Isolate every line in the records below with "style" in it.

BEGIN Dataset entries

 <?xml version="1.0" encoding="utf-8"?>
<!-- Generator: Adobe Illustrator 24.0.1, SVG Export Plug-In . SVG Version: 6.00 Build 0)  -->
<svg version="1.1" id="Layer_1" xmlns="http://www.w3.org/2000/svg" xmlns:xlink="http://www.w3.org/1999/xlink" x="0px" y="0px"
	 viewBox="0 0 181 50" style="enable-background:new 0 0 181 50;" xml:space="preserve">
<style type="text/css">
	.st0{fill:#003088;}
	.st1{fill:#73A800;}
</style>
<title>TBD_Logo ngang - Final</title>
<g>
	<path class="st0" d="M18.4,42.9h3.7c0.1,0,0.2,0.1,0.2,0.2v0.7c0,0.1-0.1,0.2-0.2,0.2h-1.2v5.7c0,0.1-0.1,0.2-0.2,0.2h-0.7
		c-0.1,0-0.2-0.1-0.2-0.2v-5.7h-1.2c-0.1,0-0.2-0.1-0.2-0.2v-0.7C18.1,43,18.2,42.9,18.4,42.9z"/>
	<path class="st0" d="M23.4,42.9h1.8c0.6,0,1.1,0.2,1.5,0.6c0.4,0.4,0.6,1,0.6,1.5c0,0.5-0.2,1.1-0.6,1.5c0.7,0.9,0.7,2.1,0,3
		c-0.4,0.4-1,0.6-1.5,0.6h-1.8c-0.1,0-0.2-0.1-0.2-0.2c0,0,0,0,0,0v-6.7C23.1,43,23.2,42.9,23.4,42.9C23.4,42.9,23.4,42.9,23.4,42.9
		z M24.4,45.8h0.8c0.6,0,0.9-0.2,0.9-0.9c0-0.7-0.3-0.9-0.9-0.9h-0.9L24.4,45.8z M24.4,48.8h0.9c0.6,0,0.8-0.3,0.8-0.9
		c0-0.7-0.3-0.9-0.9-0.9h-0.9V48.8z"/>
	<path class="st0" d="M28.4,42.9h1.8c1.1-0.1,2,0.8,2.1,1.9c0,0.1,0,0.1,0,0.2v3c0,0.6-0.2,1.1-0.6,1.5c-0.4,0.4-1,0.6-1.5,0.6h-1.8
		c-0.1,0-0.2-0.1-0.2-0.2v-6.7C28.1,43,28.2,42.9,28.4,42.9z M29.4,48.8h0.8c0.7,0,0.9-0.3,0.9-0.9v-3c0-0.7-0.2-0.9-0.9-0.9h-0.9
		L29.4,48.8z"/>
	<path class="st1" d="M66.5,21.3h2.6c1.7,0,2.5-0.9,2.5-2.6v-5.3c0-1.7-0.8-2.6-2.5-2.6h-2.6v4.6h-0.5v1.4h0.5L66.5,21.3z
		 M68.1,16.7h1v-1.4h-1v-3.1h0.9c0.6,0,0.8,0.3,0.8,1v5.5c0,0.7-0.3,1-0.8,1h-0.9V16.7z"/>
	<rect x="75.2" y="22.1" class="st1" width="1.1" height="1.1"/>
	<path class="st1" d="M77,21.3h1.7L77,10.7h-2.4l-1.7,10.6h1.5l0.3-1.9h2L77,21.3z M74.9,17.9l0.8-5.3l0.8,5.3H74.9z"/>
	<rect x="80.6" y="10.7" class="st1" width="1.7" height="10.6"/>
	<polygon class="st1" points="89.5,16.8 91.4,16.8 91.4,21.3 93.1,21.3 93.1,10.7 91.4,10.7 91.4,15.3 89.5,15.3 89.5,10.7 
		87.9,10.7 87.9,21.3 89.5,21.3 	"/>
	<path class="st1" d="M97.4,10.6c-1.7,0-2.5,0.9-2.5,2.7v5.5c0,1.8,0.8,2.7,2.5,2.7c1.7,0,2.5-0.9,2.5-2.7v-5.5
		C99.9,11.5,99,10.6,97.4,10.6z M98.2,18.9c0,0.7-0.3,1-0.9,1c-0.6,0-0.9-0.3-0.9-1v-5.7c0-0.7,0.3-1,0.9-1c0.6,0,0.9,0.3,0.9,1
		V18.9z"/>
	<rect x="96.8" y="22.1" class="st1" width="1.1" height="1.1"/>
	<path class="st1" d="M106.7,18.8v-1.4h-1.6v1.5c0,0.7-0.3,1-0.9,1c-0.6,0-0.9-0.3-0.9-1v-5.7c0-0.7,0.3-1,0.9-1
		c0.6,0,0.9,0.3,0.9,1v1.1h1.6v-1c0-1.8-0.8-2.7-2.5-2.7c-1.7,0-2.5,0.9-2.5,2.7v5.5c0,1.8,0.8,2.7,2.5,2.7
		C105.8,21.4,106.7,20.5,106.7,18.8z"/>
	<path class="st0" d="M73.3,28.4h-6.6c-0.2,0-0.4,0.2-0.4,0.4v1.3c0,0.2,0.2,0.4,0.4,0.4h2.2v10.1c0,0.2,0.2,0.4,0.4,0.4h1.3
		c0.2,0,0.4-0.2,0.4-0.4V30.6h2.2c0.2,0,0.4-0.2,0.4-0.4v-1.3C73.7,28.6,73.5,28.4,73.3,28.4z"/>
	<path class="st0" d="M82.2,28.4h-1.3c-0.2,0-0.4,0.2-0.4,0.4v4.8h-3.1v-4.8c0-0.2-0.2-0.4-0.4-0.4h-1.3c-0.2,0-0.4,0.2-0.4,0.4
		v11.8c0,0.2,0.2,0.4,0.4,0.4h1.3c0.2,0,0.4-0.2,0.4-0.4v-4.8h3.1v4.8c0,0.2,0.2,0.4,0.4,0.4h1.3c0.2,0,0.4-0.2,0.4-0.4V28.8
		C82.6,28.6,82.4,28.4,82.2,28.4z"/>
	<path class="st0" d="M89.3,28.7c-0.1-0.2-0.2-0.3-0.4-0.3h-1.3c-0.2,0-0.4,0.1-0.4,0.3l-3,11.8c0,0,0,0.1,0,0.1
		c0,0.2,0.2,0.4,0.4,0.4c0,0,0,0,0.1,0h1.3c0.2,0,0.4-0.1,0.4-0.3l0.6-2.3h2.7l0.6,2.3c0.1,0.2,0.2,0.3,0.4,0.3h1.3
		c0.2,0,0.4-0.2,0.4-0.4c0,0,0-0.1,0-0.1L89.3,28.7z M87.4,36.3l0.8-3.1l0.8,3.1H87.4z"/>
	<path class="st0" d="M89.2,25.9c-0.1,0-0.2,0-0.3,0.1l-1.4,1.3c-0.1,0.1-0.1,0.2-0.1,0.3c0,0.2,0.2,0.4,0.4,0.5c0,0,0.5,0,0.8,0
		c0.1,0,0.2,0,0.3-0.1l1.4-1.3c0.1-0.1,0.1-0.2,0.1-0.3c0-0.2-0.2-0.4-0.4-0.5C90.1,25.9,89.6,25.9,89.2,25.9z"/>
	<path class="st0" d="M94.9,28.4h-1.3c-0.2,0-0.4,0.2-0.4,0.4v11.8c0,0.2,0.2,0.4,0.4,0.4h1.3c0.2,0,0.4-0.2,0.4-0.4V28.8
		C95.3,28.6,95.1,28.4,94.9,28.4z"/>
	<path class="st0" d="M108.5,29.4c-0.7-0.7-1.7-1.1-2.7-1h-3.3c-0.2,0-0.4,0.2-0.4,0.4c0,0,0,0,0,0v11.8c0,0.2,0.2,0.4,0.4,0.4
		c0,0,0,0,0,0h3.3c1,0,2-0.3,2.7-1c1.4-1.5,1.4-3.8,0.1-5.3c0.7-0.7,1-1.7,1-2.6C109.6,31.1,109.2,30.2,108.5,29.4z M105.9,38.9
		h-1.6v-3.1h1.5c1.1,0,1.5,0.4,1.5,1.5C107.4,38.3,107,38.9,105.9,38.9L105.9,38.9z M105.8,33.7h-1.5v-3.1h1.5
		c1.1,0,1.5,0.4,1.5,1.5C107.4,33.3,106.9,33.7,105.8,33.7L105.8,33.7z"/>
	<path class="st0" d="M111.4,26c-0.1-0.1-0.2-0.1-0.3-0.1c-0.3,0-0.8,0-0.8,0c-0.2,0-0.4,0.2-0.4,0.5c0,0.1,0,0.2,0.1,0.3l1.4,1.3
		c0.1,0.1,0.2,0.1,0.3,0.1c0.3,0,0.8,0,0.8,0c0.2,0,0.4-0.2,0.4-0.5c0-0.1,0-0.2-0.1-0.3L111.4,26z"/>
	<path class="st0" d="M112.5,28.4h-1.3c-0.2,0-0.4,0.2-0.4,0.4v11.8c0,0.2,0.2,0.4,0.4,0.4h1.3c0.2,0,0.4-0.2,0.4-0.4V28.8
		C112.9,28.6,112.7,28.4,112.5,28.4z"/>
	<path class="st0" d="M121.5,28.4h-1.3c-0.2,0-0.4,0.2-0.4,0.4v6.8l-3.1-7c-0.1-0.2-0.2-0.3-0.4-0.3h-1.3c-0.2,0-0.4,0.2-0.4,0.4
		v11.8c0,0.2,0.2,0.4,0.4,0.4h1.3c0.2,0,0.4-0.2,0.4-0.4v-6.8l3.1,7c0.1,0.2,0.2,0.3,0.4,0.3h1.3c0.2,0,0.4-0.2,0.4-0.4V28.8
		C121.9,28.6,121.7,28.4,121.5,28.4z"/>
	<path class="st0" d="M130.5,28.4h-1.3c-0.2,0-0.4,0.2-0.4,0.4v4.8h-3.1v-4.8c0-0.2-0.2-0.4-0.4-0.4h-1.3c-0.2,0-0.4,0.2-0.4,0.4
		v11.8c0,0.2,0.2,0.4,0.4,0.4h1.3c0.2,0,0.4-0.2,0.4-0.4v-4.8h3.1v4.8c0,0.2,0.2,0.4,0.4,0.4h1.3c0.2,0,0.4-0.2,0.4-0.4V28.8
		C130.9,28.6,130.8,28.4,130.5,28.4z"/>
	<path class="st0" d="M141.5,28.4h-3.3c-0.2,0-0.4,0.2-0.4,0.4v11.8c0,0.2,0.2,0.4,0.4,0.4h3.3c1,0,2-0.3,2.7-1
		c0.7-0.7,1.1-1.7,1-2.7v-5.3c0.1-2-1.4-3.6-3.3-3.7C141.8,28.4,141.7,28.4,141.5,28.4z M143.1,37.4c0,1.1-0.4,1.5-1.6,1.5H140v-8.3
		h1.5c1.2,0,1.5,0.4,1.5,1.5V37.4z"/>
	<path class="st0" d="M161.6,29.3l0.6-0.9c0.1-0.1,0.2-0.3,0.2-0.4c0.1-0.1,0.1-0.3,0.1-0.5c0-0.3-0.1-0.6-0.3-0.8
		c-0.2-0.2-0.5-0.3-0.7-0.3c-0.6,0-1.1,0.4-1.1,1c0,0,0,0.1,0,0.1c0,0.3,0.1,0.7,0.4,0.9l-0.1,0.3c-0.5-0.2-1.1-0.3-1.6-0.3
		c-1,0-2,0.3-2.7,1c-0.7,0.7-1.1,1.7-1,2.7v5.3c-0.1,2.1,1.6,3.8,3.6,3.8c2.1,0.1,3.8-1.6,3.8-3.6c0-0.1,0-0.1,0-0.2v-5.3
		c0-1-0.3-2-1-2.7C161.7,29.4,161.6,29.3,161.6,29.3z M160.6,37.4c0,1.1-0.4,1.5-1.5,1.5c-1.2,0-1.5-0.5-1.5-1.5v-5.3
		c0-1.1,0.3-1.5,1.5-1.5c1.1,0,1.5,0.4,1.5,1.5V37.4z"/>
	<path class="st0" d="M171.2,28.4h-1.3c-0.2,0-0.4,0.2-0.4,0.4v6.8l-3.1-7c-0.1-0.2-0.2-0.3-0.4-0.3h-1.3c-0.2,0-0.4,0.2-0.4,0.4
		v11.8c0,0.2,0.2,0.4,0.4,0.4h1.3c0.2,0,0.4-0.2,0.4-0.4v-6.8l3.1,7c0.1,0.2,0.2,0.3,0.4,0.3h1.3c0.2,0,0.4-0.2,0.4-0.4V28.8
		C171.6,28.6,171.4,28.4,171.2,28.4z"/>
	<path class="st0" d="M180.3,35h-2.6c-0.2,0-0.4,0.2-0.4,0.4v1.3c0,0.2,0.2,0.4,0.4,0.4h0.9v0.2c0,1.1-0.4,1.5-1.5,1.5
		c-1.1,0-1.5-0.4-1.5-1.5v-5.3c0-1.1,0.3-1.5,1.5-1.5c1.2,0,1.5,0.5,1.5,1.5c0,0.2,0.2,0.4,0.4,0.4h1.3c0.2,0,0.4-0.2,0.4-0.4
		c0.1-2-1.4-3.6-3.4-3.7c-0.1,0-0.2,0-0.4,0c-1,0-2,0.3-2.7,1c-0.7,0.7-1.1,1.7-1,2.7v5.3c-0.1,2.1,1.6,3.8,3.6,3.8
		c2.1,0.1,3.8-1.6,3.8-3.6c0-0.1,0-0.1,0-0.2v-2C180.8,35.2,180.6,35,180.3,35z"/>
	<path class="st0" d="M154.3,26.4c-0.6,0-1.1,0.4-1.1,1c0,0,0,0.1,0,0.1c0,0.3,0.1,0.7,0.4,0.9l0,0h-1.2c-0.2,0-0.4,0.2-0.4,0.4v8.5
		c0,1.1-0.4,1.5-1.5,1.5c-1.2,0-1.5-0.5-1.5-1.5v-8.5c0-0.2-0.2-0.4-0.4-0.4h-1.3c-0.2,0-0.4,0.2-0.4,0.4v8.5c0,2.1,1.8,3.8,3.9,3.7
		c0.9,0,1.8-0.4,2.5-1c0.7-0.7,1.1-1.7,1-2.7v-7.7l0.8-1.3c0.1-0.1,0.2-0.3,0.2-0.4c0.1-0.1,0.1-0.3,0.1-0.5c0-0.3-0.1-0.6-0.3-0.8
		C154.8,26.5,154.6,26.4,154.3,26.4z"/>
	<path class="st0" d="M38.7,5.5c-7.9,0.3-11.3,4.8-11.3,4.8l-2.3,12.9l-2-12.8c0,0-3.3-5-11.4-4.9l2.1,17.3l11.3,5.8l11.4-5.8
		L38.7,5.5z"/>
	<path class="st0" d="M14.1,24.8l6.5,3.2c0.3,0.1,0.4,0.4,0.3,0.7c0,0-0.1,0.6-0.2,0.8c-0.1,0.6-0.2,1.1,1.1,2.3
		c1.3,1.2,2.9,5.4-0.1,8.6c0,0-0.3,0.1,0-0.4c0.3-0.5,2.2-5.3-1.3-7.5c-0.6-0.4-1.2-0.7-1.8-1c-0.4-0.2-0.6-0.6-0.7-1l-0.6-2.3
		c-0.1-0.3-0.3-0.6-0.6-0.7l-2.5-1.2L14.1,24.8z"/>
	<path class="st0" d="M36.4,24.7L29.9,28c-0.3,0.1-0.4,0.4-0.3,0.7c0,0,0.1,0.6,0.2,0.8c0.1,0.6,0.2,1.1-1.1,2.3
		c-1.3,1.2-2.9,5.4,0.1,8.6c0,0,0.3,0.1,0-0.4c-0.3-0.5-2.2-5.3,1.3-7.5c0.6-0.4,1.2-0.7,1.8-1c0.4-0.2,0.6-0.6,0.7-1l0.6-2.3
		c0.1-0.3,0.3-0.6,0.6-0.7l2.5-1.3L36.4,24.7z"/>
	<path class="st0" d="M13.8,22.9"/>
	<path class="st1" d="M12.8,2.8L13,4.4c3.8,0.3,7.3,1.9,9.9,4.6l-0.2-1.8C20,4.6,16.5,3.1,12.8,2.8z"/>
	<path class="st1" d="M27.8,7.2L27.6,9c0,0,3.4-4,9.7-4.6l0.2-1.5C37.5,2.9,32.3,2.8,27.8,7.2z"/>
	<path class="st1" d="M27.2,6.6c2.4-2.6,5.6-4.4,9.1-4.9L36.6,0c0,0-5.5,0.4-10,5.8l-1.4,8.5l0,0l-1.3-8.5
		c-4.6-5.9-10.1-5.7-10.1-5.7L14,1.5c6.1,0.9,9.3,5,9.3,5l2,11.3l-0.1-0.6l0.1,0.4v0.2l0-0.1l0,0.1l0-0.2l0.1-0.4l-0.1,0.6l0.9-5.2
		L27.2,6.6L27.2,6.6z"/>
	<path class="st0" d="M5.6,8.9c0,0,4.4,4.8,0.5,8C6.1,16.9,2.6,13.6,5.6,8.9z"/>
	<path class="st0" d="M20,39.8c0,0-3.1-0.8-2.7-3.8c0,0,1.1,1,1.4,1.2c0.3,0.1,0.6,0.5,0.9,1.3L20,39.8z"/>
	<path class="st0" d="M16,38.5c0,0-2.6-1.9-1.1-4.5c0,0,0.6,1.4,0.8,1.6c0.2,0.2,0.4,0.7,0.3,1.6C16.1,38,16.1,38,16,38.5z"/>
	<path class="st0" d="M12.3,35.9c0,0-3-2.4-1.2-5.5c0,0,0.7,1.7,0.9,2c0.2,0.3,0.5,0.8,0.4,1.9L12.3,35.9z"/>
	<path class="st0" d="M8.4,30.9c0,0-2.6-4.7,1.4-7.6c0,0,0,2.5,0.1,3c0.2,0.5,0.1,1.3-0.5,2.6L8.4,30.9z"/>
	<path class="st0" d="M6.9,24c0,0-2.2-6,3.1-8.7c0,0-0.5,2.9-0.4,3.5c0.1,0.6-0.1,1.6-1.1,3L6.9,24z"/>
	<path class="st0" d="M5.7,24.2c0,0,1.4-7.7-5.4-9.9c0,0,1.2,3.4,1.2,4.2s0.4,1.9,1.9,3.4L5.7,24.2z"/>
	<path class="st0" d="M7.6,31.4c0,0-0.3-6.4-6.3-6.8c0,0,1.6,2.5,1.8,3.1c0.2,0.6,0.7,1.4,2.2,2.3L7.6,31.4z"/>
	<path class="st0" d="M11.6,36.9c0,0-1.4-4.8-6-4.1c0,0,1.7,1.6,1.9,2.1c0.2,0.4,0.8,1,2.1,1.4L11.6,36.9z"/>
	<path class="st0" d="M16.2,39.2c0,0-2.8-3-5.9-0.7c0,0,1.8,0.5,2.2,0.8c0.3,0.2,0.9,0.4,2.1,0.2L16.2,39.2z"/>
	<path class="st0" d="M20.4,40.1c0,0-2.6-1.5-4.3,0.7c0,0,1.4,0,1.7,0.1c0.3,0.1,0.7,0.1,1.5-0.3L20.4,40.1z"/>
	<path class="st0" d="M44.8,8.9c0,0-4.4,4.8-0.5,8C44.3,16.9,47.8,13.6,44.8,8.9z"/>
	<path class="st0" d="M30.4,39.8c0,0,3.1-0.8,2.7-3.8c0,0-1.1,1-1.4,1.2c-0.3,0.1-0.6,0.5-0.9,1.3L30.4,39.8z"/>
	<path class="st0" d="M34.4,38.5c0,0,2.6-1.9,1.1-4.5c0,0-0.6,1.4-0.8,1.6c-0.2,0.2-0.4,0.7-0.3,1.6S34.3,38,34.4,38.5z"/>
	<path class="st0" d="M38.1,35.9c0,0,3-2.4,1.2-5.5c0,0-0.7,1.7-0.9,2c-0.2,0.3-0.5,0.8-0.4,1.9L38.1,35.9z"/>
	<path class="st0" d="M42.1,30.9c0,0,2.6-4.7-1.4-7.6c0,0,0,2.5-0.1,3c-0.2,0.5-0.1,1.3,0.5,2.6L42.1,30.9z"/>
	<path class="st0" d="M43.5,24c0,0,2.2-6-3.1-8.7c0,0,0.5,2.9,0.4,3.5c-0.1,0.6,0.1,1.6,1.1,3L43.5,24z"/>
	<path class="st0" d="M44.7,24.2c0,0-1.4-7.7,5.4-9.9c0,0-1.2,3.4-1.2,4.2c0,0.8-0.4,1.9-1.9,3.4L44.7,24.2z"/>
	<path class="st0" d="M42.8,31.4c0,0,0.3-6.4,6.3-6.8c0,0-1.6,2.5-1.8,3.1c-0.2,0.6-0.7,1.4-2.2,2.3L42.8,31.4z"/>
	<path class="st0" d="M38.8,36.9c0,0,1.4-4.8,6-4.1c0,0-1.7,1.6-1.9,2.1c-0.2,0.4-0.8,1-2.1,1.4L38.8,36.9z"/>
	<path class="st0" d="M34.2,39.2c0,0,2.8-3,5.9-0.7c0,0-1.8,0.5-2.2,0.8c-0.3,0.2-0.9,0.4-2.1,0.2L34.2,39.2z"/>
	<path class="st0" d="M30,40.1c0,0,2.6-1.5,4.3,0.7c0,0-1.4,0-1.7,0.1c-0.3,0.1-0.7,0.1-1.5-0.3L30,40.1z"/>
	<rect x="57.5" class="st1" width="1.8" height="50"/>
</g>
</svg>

END Dataset entries

Answer to this exercise -
	 viewBox="0 0 181 50" style="enable-background:new 0 0 181 50;" xml:space="preserve">
<style type="text/css">
</style>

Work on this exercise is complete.